TASK DIRECTIONS
From the listing below, retype exactly the line holding "#230 = VERTEX_POINT ( 'NONE', #796 ) ;", the line holding "#287 = CARTESIAN_POINT", and the lines between them; skip everything else.

..............................

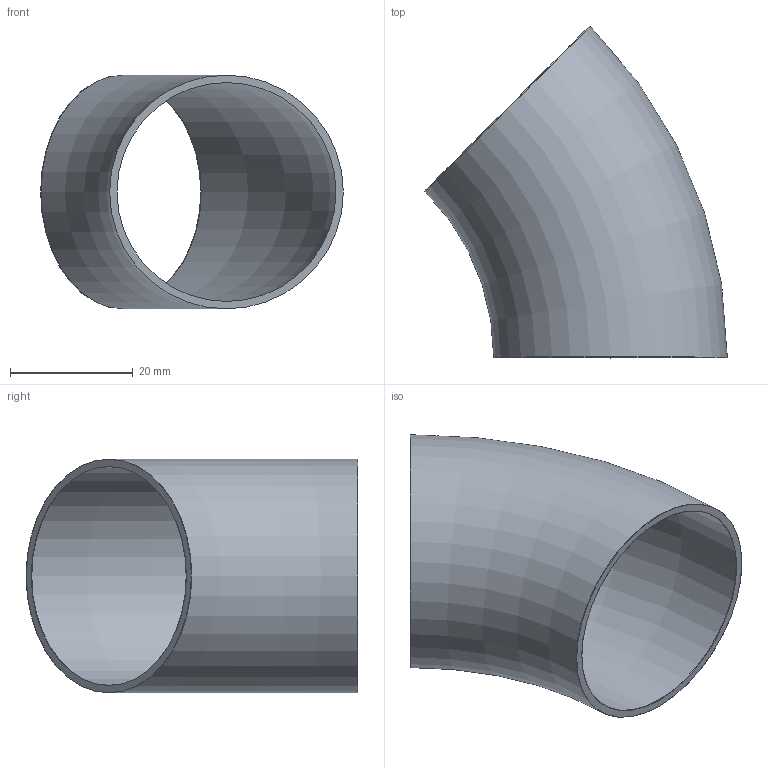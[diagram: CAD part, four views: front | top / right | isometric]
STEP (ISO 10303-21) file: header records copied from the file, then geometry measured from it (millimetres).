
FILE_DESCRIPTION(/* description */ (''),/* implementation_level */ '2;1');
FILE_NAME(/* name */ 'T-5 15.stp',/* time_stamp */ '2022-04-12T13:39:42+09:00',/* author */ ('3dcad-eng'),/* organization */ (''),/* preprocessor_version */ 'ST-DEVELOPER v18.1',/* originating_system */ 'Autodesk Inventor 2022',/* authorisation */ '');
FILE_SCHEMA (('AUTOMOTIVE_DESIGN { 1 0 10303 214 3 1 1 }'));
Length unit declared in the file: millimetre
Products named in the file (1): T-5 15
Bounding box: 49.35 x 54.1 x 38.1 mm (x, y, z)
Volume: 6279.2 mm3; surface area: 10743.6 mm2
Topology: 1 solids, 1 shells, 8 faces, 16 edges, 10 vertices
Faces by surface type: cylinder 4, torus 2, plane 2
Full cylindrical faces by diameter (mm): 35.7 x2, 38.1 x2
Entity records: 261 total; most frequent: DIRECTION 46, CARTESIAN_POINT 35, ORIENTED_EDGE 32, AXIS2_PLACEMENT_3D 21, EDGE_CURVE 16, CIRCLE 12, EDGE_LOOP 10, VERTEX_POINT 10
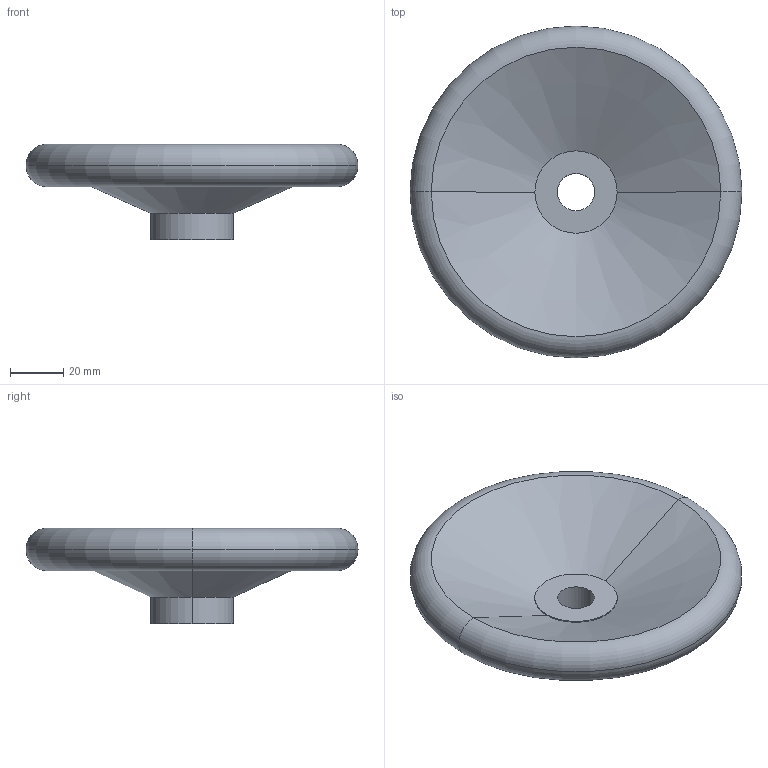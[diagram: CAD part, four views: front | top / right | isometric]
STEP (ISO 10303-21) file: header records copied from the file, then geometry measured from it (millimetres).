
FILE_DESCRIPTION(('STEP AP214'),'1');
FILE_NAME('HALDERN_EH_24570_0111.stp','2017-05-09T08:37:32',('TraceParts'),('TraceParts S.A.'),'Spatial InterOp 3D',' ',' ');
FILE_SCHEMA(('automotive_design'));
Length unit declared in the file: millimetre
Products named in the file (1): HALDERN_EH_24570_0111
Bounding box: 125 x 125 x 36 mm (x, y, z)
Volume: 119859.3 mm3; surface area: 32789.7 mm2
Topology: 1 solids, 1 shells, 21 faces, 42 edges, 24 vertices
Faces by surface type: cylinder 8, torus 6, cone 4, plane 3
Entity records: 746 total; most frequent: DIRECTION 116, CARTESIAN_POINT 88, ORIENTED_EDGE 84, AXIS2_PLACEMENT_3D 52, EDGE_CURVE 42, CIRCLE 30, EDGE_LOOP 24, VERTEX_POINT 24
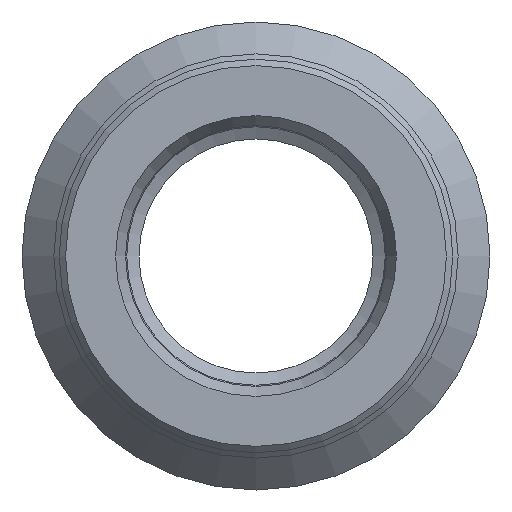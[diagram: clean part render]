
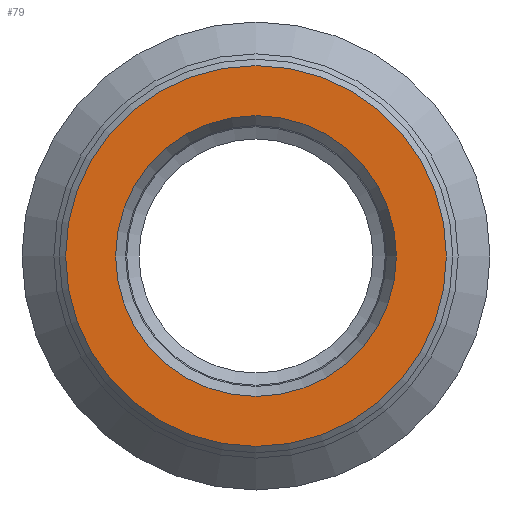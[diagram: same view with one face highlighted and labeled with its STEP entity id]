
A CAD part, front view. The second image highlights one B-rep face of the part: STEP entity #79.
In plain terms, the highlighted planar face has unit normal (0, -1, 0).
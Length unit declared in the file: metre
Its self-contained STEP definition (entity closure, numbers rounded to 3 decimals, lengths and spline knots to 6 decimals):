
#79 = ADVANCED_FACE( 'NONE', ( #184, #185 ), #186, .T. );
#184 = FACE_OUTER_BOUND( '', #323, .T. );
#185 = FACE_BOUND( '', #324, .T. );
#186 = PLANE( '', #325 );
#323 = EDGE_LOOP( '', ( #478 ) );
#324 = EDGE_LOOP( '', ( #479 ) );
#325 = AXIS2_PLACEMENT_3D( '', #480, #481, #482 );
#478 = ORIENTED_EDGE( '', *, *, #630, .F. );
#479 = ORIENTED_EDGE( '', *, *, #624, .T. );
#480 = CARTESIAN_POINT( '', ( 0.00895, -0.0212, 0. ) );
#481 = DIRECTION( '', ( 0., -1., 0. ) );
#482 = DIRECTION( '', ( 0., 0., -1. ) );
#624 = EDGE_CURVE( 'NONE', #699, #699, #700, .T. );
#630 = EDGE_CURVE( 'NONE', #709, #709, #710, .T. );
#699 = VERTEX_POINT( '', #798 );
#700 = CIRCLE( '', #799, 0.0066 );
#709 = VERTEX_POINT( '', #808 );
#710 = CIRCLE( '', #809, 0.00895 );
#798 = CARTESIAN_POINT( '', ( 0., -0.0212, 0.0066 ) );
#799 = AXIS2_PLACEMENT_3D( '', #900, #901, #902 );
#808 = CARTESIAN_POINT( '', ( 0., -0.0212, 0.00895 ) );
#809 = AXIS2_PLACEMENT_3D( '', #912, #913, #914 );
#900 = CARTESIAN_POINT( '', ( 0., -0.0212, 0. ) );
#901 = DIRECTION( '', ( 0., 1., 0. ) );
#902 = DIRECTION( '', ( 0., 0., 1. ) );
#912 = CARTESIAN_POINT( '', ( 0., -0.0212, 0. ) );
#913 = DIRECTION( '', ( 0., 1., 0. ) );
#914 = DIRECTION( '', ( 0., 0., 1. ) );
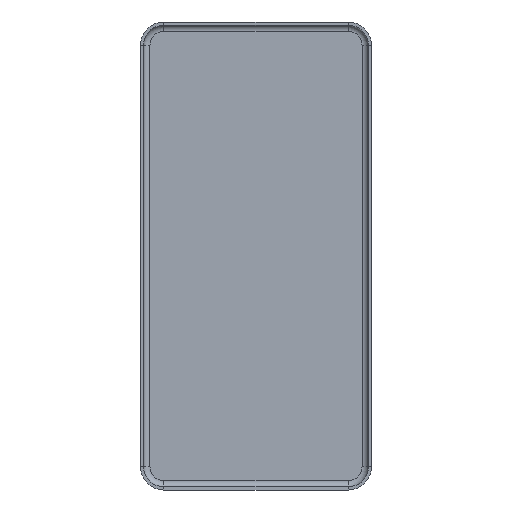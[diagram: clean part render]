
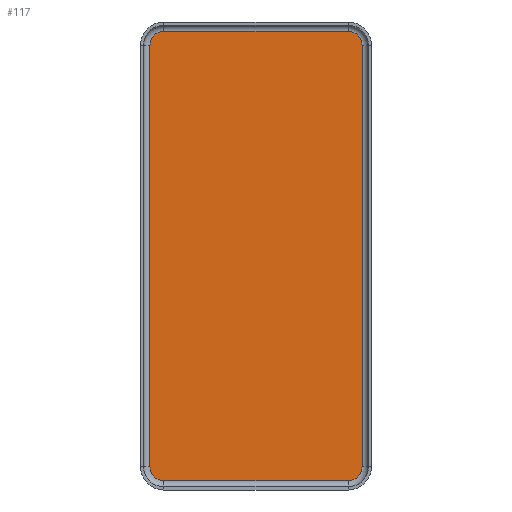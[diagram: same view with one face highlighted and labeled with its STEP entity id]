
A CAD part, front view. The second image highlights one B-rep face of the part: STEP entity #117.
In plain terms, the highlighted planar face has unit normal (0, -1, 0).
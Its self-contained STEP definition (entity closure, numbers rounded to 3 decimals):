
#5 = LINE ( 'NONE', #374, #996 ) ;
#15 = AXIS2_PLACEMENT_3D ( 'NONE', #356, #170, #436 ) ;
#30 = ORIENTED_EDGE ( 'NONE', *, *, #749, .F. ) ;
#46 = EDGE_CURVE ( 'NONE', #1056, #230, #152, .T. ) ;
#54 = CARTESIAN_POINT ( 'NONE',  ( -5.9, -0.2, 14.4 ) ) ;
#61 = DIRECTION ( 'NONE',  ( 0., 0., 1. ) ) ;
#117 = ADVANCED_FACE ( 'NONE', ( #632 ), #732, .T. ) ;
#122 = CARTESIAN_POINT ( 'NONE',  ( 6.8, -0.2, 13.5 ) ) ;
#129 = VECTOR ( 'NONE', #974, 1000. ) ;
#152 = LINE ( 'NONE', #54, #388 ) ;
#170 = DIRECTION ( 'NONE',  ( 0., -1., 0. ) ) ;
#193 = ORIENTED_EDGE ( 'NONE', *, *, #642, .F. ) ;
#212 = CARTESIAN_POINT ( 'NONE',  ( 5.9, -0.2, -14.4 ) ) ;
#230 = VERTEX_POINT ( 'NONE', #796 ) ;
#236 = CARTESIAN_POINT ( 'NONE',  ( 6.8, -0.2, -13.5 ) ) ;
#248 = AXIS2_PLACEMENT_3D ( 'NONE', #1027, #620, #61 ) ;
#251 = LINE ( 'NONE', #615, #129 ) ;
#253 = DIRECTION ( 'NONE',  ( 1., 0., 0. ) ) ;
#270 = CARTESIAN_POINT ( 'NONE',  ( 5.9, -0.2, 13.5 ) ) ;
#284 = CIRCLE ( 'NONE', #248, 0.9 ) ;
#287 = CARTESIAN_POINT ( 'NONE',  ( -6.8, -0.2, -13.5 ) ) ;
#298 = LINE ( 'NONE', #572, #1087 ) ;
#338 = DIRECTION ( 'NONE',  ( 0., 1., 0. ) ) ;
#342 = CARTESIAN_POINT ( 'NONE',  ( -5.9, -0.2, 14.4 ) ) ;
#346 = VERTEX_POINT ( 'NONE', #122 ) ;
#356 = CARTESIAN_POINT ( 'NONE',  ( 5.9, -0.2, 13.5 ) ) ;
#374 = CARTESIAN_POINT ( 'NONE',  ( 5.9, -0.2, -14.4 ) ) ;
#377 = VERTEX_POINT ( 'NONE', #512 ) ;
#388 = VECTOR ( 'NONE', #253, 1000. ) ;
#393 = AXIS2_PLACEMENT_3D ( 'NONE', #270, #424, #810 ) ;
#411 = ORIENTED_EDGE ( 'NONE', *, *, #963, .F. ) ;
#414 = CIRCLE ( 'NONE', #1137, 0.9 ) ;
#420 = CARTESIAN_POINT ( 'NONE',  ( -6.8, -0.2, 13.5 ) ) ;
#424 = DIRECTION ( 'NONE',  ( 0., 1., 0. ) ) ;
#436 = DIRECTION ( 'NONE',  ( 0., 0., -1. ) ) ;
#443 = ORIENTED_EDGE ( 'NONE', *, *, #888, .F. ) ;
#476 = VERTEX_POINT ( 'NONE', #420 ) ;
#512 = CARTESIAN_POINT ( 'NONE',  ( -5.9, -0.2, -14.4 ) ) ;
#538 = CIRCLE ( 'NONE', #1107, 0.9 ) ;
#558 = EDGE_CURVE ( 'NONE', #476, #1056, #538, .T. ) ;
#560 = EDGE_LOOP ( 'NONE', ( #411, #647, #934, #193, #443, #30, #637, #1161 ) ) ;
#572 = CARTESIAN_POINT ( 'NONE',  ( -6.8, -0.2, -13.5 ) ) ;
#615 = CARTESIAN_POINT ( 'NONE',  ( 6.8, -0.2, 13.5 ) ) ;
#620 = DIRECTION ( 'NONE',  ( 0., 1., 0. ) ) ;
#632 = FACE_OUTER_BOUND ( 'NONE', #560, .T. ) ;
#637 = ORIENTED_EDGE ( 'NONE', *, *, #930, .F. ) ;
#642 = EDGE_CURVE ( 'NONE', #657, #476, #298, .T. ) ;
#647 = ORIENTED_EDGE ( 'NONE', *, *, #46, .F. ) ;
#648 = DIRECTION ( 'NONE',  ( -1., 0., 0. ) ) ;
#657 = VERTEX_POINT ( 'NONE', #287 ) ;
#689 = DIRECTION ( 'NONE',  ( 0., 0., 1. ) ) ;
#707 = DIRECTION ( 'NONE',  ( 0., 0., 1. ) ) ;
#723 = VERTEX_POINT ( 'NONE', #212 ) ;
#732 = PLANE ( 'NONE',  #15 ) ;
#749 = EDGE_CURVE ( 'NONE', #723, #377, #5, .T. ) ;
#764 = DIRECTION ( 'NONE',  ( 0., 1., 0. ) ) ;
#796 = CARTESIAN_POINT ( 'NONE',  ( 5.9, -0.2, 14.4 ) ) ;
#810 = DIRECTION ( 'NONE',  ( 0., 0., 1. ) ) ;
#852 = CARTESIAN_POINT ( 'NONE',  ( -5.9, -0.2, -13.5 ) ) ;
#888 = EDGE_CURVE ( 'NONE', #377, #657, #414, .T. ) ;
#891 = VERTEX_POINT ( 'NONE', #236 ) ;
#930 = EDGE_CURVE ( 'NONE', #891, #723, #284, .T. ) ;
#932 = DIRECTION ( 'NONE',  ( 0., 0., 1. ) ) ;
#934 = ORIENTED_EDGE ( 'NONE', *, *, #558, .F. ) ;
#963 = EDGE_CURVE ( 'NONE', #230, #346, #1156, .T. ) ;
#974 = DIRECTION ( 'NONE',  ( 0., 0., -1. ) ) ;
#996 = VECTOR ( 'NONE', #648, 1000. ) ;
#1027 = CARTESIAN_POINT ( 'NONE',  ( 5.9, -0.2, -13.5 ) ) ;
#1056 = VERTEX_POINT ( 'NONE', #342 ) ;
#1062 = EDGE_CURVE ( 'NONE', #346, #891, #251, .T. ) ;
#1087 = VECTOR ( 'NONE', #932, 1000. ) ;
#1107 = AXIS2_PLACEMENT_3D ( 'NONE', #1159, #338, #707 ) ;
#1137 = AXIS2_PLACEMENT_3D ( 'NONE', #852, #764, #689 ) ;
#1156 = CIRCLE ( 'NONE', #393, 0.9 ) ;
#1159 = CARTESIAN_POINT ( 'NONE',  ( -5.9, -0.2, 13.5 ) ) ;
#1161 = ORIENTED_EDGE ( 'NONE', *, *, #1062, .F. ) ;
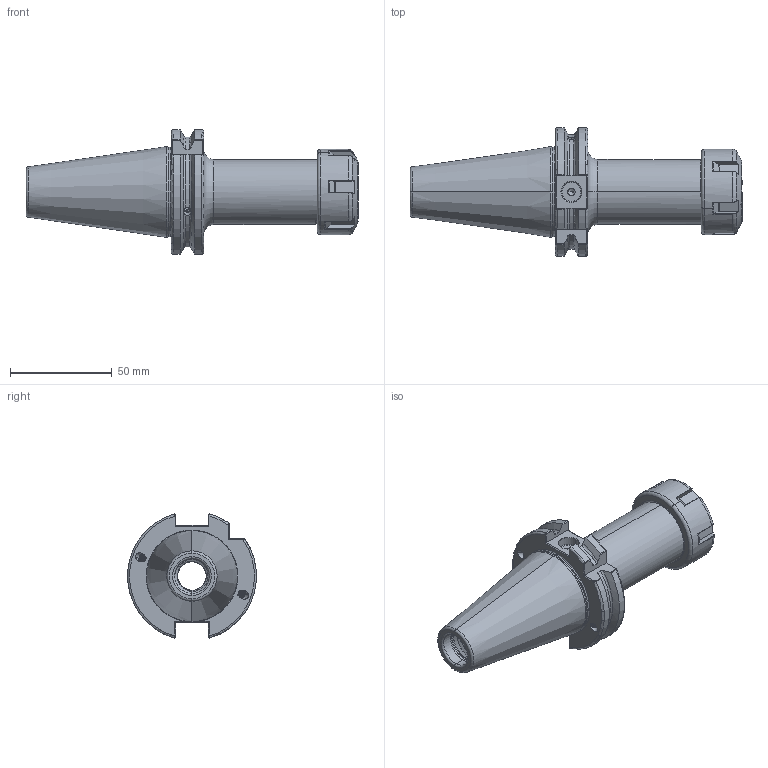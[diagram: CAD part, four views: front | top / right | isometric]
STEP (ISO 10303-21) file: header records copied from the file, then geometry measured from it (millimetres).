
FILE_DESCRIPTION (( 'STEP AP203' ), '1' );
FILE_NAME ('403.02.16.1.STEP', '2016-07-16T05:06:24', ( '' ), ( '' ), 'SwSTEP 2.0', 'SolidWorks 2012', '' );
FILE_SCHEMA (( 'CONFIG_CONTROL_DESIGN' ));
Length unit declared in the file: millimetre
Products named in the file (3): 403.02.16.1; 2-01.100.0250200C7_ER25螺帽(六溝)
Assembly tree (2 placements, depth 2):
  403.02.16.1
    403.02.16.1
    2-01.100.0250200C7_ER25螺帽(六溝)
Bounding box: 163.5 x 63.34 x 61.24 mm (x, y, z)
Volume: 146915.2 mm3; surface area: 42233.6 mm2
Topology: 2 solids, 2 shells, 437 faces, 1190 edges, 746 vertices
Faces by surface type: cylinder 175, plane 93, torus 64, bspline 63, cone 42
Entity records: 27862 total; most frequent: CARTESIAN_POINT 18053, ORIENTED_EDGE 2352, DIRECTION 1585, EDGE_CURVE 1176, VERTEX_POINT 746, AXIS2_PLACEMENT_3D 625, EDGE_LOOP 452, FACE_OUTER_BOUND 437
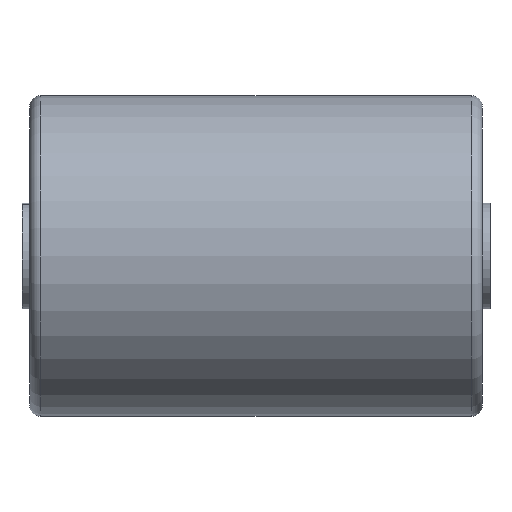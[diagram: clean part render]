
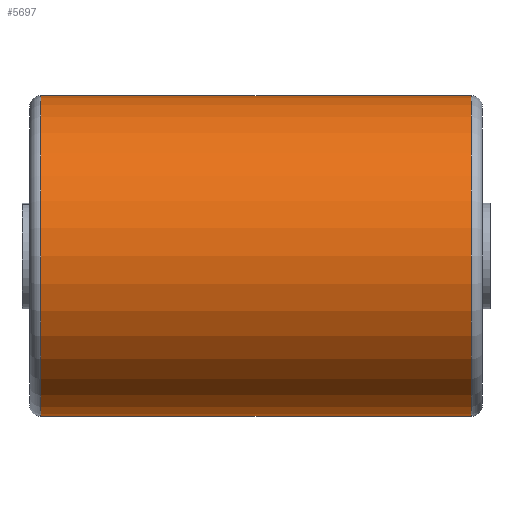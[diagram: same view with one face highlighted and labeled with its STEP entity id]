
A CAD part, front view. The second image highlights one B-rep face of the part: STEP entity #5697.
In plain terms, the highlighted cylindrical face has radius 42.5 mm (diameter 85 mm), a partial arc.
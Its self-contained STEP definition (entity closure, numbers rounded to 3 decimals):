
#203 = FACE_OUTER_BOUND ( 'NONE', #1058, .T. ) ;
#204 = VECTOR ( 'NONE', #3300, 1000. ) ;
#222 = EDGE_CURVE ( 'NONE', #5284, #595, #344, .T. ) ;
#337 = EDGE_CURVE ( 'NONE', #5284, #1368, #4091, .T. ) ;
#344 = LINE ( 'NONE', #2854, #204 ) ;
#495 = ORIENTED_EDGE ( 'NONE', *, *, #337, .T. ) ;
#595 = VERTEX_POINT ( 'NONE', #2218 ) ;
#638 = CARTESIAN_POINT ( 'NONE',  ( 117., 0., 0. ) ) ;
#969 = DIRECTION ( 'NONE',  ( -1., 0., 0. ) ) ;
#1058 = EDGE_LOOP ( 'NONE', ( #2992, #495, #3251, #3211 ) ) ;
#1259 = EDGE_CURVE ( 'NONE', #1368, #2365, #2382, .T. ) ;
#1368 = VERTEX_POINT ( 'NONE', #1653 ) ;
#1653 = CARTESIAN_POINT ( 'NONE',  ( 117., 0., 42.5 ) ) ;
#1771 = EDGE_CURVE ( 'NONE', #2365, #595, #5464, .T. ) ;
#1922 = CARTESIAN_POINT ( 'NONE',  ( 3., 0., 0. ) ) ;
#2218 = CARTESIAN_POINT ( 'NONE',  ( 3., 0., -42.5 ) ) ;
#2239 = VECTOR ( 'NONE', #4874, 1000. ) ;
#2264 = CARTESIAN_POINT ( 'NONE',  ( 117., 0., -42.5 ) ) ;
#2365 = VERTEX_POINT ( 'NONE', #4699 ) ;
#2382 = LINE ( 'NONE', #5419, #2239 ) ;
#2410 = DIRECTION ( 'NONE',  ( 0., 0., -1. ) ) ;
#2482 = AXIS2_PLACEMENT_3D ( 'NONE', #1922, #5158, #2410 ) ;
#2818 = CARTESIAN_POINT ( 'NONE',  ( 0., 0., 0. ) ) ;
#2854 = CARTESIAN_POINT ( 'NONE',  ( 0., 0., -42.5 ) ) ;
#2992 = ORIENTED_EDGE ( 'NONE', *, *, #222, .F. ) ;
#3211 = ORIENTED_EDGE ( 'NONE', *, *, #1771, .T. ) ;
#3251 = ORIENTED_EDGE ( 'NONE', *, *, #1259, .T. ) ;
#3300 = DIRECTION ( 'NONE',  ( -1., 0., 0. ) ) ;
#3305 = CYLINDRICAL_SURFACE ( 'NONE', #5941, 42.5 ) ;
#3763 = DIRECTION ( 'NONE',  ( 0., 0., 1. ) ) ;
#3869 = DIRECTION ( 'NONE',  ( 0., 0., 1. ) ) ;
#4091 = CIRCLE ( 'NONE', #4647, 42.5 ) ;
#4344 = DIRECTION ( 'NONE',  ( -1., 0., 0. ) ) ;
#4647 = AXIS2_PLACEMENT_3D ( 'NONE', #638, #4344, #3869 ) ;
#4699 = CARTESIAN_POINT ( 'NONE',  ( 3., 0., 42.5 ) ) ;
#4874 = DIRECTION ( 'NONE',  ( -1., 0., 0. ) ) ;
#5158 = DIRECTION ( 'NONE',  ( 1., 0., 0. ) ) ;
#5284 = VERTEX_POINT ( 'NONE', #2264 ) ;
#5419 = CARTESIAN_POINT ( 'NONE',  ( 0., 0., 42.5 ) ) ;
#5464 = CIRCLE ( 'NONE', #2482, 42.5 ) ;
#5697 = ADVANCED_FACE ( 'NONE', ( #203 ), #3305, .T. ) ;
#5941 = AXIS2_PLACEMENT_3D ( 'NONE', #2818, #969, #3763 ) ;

..............................

RESPONSE TO THIS TASK
#230 = VERTEX_POINT ( 'NONE', #796 ) ;
#236 = CARTESIAN_POINT ( 'NONE',  ( 6.8, -0.2, -13.5 ) ) ;
#248 = AXIS2_PLACEMENT_3D ( 'NONE', #1027, #620, #61 ) ;
#251 = LINE ( 'NONE', #615, #129 ) ;
#253 = DIRECTION ( 'NONE',  ( 1., 0., 0. ) ) ;
#270 = CARTESIAN_POINT ( 'NONE',  ( 5.9, -0.2, 13.5 ) ) ;
#284 = CIRCLE ( 'NONE', #248, 0.9 ) ;
#287 = CARTESIAN_POINT ( 'NONE',  ( -6.8, -0.2, -13.5 ) ) ;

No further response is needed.